The settings can be generated in the following formats:
generic configuration with a text description of all parameters;
configuration for Cisco IOS 12.4 and higher;
Generic Linux Openswan/Libreswan with Quagga/FRR;
RedHat Linux Openswan/Libreswan with Quagga/FRR.
Click Download to save the customer gateway settings in .cfg format on the local PC.
Routing via a VPN connection#
You can setup static routing between subnets in К2 Cloud and private networks in a remote infrastructure (behind a client gateway) using route tables.
Use BGP for dynamic routing. This saves you the hassle of manually configuring static routes over a VPN connection, improves fault tolerance, and allows for an automatic switchover when using multiple VPN connections.
Important
For high-availability VPN connections, only BGP routing is available; static routing is not supported.
For the routes learned over BGP to be installed in a VPC route table, enable Route propagation. To do this, go to the VPC page, switch to the Information tab and specify the target route table for the Route propagation parameter.
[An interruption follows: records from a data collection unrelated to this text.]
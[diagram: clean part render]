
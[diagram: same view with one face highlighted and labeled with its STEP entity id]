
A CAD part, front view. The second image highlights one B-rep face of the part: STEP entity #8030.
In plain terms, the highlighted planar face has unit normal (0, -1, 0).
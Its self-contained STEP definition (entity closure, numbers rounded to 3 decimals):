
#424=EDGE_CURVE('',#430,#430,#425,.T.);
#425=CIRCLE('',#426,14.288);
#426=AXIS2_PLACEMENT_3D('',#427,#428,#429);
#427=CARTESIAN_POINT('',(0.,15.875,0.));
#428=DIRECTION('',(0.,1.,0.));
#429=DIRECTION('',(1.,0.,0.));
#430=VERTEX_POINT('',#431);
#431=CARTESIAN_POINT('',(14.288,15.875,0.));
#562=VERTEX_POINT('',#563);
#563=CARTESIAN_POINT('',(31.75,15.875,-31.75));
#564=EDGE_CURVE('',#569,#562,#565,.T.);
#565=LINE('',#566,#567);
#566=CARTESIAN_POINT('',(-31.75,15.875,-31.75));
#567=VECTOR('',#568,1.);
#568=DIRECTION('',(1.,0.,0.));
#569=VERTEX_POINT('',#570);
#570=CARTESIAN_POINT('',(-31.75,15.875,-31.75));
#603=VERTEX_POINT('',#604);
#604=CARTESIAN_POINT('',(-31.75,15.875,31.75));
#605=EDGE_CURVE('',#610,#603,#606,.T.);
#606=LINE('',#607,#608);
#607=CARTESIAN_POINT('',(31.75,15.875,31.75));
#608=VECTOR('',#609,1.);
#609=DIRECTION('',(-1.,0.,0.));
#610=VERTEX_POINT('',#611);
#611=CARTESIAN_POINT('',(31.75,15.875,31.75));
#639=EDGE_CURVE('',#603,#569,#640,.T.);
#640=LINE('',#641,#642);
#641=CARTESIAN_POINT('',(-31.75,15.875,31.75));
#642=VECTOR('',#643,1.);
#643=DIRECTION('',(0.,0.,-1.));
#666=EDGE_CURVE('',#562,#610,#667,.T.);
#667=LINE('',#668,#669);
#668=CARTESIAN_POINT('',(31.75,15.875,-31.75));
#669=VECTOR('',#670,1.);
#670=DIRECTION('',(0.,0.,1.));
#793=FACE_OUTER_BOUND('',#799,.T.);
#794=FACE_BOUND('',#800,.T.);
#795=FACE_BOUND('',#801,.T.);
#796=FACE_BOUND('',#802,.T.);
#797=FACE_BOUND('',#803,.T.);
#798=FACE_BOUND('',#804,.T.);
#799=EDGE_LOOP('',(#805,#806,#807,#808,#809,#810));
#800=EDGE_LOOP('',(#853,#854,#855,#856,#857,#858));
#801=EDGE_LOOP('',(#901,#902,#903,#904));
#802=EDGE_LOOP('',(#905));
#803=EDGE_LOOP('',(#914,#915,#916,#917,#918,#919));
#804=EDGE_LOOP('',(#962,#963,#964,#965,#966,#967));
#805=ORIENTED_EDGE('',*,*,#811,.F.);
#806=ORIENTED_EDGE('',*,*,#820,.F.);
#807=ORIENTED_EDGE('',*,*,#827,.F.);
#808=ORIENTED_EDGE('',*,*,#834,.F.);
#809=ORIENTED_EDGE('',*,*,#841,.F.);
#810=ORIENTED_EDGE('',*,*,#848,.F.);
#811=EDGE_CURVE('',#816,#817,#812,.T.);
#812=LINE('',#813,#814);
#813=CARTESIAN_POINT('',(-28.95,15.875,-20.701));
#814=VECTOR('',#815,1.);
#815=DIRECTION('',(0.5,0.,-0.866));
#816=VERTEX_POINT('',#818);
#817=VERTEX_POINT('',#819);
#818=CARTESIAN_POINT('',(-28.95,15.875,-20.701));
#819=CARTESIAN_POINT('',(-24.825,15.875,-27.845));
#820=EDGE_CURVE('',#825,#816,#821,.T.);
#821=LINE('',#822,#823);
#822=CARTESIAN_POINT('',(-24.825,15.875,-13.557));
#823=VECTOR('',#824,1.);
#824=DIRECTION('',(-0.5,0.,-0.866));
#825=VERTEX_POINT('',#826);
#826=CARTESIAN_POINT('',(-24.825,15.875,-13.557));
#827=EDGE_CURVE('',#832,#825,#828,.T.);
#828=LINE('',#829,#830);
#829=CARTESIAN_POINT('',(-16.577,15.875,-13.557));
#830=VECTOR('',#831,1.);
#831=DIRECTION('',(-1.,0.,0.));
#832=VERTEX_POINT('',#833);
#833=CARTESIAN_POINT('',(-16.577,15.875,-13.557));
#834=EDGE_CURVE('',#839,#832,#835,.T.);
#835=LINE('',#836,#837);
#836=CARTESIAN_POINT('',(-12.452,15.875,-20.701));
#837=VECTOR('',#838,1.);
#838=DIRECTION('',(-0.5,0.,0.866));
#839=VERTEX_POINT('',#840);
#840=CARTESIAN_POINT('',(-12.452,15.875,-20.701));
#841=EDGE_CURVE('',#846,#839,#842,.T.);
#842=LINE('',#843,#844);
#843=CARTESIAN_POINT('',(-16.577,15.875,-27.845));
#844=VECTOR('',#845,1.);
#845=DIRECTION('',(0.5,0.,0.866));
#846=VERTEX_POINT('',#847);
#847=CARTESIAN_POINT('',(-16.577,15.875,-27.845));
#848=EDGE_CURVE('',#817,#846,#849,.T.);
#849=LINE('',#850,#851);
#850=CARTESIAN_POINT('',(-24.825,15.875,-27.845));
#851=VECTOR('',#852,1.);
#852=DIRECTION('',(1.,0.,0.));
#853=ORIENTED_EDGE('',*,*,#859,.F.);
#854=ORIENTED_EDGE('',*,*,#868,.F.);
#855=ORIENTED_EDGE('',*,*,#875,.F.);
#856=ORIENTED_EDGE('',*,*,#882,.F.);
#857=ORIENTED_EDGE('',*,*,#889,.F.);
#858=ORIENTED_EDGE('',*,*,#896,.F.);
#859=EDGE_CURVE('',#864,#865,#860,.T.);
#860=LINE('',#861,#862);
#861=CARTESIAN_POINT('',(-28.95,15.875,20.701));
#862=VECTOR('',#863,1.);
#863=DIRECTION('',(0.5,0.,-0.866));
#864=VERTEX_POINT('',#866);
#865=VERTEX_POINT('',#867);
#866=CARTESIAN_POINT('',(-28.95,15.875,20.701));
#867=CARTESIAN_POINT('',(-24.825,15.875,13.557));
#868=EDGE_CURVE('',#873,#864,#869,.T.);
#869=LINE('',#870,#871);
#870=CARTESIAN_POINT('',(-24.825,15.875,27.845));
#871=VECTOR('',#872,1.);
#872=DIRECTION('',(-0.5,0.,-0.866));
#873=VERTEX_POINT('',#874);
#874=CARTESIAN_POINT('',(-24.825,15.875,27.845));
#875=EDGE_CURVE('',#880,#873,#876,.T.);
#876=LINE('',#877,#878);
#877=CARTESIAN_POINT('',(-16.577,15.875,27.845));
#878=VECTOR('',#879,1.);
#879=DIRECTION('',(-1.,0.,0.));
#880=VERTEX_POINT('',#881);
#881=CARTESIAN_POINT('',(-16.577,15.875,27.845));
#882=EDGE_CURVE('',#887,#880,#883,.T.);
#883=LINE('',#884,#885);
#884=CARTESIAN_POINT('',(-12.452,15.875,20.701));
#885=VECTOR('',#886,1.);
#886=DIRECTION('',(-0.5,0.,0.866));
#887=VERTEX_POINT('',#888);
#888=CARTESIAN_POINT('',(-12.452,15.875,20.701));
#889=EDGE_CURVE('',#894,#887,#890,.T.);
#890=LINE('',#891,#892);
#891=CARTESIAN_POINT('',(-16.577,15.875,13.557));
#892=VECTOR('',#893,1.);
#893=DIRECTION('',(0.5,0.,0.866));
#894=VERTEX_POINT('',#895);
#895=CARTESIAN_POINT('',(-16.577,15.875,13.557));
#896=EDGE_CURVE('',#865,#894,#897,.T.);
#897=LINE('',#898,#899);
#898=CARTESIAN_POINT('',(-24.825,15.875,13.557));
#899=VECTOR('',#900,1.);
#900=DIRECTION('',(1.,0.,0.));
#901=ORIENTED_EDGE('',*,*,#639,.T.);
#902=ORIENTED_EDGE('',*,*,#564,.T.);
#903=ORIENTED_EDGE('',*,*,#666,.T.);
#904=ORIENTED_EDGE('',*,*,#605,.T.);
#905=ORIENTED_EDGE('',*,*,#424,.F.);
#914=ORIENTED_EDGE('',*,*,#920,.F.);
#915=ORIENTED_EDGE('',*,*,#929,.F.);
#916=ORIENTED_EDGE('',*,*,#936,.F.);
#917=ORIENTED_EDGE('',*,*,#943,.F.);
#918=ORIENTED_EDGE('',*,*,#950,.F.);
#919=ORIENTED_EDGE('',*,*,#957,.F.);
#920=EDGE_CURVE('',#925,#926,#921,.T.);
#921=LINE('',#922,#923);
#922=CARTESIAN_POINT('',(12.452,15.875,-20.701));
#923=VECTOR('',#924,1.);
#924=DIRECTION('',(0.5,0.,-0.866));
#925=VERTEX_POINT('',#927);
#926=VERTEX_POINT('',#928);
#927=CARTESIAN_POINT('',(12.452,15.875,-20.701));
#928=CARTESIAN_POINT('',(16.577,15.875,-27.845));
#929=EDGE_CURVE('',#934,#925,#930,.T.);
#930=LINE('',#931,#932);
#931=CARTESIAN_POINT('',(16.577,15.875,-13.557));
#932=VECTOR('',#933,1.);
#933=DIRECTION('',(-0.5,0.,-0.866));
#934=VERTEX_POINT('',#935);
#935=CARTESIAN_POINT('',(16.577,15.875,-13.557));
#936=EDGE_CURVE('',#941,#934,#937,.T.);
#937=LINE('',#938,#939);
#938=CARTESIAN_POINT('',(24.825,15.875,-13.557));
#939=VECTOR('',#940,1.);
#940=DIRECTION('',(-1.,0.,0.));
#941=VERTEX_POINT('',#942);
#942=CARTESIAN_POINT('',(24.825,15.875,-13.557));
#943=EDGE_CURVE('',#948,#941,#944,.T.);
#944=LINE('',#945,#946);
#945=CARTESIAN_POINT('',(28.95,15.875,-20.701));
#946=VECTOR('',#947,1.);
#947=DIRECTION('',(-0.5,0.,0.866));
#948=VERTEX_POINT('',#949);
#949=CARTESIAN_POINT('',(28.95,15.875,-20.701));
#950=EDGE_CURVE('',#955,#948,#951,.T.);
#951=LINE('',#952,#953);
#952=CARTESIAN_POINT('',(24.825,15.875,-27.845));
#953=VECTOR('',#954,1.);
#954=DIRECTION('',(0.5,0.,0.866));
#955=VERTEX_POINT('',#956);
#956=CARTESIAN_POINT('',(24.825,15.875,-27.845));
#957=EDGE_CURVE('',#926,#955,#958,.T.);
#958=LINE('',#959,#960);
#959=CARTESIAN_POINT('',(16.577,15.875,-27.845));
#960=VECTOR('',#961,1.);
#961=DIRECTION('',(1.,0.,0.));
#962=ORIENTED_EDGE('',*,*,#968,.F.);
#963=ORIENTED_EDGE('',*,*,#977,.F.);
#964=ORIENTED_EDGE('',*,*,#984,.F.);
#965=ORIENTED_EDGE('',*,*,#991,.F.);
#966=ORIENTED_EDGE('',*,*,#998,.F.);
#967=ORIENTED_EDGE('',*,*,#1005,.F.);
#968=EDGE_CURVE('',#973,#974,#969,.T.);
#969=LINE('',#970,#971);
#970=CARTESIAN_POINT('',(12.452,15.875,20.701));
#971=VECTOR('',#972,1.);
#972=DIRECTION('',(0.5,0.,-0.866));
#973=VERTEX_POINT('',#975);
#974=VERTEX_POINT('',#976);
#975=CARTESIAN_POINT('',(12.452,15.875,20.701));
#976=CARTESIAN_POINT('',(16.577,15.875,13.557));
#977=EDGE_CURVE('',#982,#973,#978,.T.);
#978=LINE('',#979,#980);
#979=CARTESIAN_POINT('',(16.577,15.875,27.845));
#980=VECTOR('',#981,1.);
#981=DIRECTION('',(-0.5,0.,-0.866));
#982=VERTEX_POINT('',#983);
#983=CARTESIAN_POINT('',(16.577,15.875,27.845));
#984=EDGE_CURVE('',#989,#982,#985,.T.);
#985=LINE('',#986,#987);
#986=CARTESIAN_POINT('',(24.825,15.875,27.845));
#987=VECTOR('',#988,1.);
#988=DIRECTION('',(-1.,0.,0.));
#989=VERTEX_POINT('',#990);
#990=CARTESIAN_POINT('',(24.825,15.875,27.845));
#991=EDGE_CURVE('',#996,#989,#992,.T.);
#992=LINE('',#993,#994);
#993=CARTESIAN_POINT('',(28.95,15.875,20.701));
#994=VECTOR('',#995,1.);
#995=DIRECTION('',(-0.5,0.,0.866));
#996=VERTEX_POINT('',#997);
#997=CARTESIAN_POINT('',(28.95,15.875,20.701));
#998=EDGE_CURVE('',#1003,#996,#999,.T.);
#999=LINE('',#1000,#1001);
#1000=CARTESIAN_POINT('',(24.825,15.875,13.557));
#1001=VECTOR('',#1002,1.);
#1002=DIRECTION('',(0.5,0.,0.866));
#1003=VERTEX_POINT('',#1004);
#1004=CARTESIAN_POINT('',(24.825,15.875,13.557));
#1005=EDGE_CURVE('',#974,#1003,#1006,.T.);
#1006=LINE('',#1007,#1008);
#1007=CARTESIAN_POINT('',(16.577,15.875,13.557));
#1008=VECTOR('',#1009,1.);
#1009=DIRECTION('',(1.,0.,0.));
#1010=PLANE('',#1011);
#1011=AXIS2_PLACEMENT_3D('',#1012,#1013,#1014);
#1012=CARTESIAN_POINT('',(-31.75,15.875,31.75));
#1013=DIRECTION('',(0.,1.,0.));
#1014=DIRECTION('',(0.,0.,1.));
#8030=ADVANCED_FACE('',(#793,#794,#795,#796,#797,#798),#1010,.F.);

Route propagation feature#
You can choose for the VPC one route table to which BGP routes received from a client gateway must be propagated. This feature can be enabled in the web interface in the VPC page or via the API method EnableVgwRoutePropagation.
Once Route Propagation is enabled, the standard best route selection rules will apply to the selected route table. The following routes will have higher priority:
routes with longer prefix;
routes with shorter administrative distance;
routes with smaller metrics.
If necessary, Route propagation can be disabled in the web interface in the VPC page or via the API method DisableVgwRoutePropagation. In this case, BGP continues to work for VPN connections and advertise routes. Still, BGP routes will not be propagated to the route table, so instances of the VPC will be unable to access networks behind a client gateway. If this is the case, use static routing.
Important
Note that the network connectivity between the VPN and the cloud can be lost for up to 1 minute when you enable route propagation or change the route table, to which BGP routes learned from the client gateway must be propagated.
Deleting a VPN connection and customer gateway#
To delete a VPN connection, go to Interconnect VPN VPN connections, select the VPN connection in the list and click Delete.
Also, you can delete a VPN connection in Interconnect VPN Customer gateways. To do this, select the customer gateway from the list and click Delete VPN connection. In the dialog window, select the VPC, the connection you want to delete and click Delete.
Important
You can delete a customer gateway only if it has no active VPN connection. So you should delete the corresponding VPN connection before deleting a customer gateway.
To delete a customer gateway, go to Interconnect VPN Customer gateways, select the customer gateway in the list, or go to the customer gateway page and click Delete.